Collected data entries
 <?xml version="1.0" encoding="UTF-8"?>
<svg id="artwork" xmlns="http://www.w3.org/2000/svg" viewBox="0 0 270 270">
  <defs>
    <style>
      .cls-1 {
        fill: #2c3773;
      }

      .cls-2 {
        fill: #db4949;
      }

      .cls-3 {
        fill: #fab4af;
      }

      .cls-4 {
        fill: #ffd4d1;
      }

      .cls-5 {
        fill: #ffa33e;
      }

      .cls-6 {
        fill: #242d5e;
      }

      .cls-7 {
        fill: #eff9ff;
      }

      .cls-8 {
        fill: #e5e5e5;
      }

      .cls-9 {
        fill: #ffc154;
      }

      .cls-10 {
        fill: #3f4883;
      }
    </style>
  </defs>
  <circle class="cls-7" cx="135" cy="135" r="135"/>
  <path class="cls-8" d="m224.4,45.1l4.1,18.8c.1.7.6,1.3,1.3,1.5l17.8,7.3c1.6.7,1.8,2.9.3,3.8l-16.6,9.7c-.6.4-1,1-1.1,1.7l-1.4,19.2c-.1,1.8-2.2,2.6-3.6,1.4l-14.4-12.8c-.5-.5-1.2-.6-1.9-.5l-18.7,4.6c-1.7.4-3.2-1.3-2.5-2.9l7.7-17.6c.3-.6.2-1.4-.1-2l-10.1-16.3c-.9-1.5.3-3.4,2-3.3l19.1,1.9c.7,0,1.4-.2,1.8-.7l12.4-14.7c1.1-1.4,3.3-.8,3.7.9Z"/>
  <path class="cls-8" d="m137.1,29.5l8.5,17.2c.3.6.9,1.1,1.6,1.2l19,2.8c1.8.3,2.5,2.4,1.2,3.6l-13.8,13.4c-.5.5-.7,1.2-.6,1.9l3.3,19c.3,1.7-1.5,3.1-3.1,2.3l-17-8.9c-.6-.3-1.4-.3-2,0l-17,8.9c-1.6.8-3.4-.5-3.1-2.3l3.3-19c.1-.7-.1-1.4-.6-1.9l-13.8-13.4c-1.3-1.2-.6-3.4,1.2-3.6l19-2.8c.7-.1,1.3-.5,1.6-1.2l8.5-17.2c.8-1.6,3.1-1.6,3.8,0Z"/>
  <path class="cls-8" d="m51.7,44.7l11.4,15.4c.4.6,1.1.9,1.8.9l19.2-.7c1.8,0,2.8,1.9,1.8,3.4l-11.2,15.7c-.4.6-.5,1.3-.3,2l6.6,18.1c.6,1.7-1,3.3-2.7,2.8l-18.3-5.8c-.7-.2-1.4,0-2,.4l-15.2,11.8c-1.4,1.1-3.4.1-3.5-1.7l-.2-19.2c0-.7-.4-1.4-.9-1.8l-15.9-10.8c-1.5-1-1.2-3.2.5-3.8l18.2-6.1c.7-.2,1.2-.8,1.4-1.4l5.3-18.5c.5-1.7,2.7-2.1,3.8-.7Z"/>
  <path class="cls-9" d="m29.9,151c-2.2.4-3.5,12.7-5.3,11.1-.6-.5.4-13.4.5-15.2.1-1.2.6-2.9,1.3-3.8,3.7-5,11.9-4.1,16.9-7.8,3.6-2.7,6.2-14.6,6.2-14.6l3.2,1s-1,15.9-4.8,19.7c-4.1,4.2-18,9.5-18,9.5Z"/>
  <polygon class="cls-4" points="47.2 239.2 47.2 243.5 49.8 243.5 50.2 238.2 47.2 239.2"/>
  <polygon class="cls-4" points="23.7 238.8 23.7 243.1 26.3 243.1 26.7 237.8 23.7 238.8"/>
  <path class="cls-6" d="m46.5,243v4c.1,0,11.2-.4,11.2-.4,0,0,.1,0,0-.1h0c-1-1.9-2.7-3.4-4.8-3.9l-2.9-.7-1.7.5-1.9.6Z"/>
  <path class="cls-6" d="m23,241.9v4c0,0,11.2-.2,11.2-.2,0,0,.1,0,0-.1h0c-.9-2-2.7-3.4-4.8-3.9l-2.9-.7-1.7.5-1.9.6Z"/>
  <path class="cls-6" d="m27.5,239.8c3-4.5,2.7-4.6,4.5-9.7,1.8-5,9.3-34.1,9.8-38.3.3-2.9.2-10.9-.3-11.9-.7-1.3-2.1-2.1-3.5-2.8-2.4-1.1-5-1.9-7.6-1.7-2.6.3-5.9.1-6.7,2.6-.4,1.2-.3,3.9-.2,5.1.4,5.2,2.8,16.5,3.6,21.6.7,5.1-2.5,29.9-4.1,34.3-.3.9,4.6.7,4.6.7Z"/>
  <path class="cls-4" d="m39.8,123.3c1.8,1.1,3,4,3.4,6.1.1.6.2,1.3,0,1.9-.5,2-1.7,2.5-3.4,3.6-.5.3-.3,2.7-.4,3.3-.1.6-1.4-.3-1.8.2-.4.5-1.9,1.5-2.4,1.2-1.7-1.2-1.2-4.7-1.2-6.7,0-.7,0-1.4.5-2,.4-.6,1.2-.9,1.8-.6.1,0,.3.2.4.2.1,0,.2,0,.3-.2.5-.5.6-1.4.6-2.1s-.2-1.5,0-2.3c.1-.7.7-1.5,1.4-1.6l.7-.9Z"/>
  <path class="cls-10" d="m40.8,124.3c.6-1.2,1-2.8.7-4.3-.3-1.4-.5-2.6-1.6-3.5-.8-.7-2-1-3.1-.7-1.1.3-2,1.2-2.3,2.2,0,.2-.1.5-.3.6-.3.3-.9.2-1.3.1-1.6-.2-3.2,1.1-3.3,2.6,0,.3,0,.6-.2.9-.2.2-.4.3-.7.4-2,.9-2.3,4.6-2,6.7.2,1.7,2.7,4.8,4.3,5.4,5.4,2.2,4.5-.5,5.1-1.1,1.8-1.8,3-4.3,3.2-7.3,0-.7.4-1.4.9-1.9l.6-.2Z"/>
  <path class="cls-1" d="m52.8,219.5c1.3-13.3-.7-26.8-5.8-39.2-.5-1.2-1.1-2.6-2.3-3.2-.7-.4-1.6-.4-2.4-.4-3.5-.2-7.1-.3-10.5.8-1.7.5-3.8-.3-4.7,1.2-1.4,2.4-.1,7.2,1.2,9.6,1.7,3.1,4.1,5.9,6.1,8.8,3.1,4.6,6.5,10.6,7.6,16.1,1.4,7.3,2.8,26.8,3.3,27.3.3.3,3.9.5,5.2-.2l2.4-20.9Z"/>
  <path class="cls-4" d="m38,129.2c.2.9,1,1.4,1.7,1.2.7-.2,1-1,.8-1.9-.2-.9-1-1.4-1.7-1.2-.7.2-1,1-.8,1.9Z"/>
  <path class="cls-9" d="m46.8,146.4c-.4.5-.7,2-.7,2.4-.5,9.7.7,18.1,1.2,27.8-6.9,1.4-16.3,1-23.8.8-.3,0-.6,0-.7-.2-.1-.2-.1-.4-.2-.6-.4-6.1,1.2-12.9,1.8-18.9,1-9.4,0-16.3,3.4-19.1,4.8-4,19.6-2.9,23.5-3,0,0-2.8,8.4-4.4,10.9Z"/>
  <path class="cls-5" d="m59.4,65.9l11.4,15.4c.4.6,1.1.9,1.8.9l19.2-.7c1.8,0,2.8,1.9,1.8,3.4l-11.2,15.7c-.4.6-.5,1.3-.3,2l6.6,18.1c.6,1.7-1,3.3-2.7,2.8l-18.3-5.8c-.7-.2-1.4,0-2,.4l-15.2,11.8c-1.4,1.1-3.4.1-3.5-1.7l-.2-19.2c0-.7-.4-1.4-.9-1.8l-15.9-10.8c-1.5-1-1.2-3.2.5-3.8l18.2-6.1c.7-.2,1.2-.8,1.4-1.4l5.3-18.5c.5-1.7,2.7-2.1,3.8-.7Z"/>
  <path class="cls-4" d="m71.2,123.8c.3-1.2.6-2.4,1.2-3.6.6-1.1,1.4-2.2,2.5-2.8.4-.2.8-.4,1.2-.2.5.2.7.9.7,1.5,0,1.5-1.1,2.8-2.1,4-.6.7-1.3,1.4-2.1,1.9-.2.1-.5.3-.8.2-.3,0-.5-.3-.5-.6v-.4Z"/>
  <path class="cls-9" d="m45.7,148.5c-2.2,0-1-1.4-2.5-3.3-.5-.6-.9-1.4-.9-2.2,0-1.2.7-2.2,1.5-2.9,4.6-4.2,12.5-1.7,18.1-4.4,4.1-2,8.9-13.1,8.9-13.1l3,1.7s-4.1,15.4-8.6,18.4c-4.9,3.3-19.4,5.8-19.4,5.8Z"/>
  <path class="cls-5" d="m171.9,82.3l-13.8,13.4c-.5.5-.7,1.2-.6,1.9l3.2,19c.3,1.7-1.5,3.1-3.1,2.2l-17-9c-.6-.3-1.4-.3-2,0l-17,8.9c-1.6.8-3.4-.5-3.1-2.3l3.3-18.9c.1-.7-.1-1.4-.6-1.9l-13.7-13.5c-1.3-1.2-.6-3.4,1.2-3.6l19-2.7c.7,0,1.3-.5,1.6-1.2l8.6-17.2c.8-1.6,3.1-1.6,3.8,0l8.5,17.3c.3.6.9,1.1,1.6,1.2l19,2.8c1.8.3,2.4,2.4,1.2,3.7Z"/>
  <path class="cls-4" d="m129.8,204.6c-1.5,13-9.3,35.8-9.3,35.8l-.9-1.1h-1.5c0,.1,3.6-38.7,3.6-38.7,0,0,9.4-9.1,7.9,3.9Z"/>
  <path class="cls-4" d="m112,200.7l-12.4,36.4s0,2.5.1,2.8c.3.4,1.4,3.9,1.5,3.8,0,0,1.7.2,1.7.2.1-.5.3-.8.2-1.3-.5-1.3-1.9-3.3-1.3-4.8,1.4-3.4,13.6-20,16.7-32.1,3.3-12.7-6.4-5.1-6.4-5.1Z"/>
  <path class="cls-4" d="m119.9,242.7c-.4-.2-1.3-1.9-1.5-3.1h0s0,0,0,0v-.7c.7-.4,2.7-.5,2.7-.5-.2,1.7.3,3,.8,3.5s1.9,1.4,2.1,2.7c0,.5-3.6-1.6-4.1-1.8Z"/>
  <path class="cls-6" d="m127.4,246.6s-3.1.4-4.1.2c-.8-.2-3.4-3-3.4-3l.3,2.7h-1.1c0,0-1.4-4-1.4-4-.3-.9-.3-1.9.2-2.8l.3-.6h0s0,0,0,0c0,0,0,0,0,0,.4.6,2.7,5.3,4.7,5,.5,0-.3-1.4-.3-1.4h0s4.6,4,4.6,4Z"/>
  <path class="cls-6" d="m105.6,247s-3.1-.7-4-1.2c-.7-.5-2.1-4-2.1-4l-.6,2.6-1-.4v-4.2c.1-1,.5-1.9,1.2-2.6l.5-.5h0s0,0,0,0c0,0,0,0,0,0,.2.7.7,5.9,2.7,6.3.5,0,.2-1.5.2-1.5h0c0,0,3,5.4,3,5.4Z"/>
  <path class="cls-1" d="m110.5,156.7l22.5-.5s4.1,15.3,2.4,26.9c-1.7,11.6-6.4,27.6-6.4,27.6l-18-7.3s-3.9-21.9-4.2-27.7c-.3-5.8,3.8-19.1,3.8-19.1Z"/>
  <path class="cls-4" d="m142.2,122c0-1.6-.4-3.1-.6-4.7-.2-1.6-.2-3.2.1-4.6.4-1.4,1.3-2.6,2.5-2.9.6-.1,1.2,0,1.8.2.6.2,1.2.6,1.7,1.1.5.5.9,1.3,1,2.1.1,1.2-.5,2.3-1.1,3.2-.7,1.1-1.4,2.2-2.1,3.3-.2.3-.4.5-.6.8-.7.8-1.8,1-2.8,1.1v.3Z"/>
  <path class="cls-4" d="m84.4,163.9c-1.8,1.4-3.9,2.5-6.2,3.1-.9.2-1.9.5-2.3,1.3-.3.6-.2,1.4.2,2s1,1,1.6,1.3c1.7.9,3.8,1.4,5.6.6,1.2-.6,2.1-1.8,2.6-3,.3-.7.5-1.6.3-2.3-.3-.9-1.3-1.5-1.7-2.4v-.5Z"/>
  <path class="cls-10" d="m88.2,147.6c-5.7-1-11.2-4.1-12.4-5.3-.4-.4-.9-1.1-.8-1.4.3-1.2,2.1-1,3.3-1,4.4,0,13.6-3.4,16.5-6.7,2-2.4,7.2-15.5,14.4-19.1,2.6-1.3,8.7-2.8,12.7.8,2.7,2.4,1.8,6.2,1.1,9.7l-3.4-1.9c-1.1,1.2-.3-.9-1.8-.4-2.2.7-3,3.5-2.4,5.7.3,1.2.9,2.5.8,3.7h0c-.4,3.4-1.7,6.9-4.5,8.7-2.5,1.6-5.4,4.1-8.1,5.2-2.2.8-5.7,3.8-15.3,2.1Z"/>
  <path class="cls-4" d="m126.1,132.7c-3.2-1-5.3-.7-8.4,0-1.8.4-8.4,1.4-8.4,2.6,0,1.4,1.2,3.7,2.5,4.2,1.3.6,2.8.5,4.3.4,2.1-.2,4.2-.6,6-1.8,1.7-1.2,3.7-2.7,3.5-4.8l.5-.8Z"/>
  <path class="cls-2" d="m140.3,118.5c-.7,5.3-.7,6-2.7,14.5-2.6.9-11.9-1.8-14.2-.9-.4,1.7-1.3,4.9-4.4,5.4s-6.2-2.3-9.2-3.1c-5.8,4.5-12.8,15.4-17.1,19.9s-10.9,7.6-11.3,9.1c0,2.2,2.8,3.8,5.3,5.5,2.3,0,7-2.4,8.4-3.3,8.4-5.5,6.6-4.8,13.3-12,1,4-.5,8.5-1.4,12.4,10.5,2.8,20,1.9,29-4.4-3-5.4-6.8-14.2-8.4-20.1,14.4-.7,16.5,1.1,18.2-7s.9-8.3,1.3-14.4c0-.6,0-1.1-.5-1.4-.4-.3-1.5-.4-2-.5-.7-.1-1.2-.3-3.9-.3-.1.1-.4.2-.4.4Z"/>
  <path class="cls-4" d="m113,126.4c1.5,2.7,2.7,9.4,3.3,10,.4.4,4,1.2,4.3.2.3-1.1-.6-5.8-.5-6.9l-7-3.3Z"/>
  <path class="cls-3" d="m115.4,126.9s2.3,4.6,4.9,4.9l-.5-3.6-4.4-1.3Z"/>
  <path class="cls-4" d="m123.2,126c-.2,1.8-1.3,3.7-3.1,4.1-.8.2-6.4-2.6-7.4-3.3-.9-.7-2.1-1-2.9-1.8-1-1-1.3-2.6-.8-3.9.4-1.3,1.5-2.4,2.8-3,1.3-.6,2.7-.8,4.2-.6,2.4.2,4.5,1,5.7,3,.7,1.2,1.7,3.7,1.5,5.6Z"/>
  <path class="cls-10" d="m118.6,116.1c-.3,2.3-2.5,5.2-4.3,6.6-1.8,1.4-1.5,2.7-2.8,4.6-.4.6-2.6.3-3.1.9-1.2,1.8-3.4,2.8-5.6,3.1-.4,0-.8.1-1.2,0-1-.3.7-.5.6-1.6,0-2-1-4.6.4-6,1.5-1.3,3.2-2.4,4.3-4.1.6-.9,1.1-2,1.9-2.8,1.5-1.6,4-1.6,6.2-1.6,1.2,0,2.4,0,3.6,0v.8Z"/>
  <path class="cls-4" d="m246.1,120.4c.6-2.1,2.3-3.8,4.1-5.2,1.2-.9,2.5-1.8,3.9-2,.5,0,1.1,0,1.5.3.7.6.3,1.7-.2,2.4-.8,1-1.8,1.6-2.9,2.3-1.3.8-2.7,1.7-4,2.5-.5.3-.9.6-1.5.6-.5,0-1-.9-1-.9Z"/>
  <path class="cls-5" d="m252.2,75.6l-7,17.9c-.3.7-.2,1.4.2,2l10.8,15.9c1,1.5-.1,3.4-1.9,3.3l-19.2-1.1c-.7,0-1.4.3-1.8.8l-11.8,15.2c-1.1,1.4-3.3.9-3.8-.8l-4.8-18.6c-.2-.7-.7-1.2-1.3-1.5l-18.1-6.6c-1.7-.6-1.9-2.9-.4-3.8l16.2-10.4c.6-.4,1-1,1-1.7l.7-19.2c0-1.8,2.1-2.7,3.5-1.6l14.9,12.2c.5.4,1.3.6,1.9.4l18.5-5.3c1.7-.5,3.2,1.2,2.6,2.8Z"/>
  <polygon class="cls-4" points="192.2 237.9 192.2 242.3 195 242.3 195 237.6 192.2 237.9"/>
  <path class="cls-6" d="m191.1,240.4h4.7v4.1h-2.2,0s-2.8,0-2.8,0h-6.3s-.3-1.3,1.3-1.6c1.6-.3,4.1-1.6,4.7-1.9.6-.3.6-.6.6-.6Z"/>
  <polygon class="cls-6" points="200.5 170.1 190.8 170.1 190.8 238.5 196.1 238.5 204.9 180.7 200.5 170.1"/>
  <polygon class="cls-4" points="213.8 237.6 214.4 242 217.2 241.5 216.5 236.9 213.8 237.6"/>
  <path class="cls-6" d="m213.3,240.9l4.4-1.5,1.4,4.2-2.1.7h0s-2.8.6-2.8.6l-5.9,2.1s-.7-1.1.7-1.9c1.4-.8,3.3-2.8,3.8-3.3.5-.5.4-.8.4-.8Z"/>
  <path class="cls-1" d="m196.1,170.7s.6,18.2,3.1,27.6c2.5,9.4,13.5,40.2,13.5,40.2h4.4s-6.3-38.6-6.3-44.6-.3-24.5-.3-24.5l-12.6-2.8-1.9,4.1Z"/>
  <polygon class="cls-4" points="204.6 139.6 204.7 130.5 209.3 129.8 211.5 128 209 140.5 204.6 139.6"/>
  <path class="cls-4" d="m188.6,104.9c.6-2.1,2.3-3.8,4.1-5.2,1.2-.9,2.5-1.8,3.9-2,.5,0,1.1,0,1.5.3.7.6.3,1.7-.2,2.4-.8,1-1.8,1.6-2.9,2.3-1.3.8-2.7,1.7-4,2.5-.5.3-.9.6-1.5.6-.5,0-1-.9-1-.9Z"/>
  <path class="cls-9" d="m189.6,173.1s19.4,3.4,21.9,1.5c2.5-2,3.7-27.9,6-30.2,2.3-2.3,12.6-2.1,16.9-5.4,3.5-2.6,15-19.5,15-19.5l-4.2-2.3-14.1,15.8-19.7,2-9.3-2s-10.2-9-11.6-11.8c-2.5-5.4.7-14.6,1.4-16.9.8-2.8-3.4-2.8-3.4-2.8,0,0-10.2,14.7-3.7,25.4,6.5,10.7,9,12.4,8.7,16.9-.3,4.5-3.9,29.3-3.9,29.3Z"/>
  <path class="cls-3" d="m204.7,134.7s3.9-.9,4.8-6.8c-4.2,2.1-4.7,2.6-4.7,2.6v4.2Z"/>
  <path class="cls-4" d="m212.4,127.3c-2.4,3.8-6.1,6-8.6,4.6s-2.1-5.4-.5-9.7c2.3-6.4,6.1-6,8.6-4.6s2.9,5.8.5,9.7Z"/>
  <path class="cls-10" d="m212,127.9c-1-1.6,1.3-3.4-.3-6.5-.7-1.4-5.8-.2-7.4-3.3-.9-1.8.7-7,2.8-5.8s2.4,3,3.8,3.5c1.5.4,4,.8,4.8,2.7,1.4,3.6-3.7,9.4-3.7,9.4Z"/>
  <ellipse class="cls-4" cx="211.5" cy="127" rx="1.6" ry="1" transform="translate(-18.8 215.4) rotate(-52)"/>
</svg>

Work order: In the records above, find each line with the string "points" and list it.

Solution for this problem:
  <polygon class="cls-4" points="47.2 239.2 47.2 243.5 49.8 243.5 50.2 238.2 47.2 239.2"/>
  <polygon class="cls-4" points="23.7 238.8 23.7 243.1 26.3 243.1 26.7 237.8 23.7 238.8"/>
  <polygon class="cls-4" points="192.2 237.9 192.2 242.3 195 242.3 195 237.6 192.2 237.9"/>
  <polygon class="cls-6" points="200.5 170.1 190.8 170.1 190.8 238.5 196.1 238.5 204.9 180.7 200.5 170.1"/>
  <polygon class="cls-4" points="213.8 237.6 214.4 242 217.2 241.5 216.5 236.9 213.8 237.6"/>
  <polygon class="cls-4" points="204.6 139.6 204.7 130.5 209.3 129.8 211.5 128 209 140.5 204.6 139.6"/>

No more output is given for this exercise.